[Work request]
Reproduce all the data exactly, without pictures.

** Stored data follows **

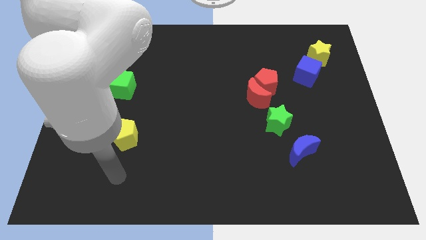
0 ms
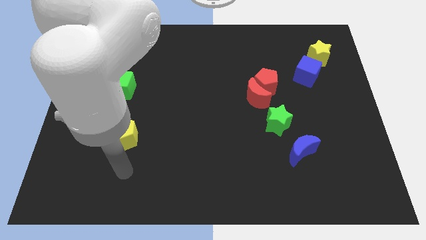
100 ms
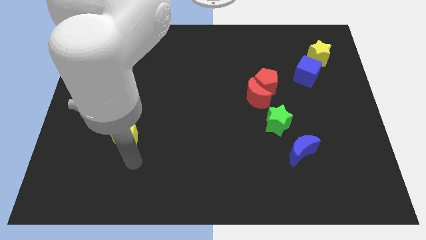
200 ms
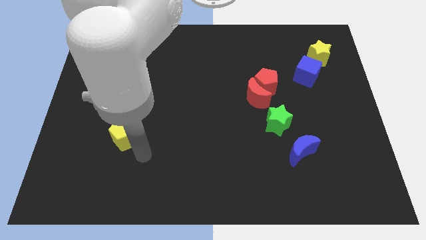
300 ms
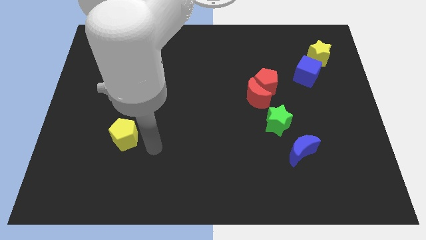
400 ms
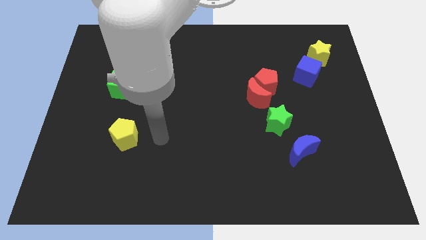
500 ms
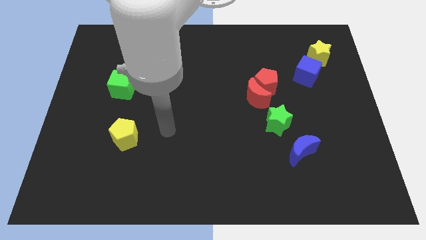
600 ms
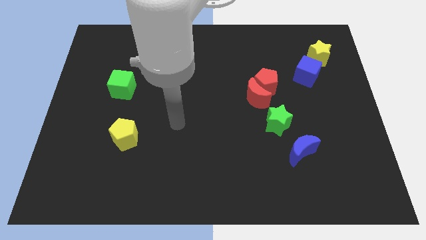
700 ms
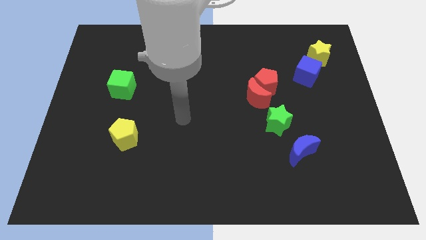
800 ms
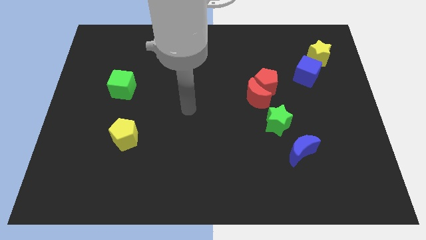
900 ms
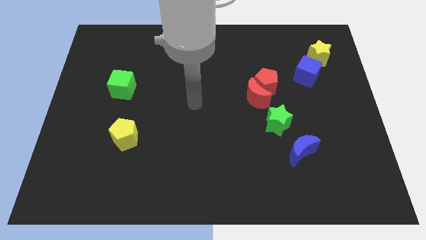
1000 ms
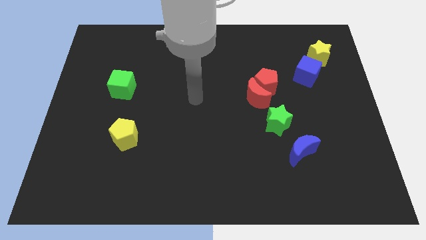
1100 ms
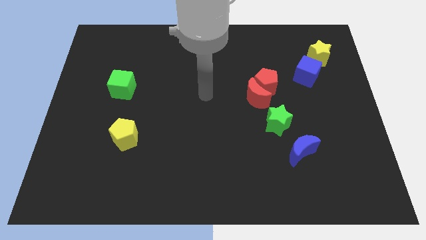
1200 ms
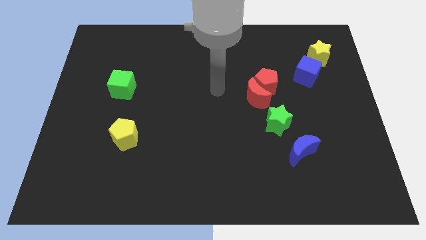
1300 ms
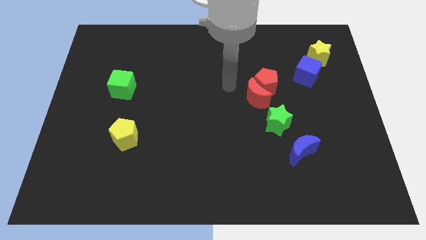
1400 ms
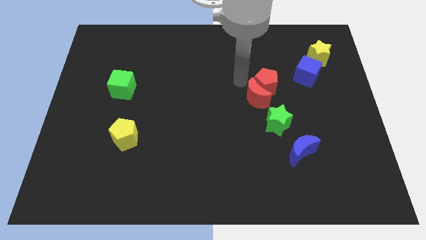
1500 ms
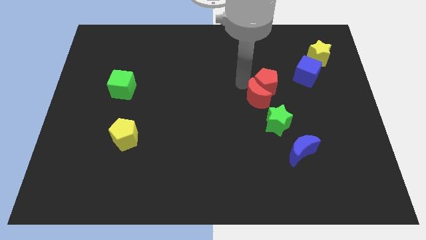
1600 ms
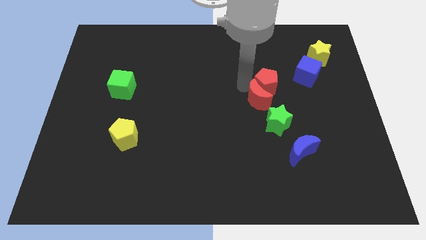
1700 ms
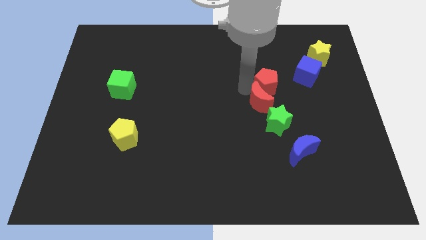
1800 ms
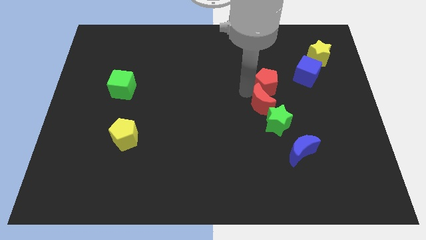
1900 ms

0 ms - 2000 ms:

** End of Stored data **

[Expected answer]
0 ms
100 ms
200 ms
300 ms
400 ms
500 ms
600 ms
700 ms
800 ms
900 ms
1000 ms
1100 ms
1200 ms
1300 ms
1400 ms
1500 ms
1600 ms
1700 ms
1800 ms
1900 ms

0 ms - 2000 ms:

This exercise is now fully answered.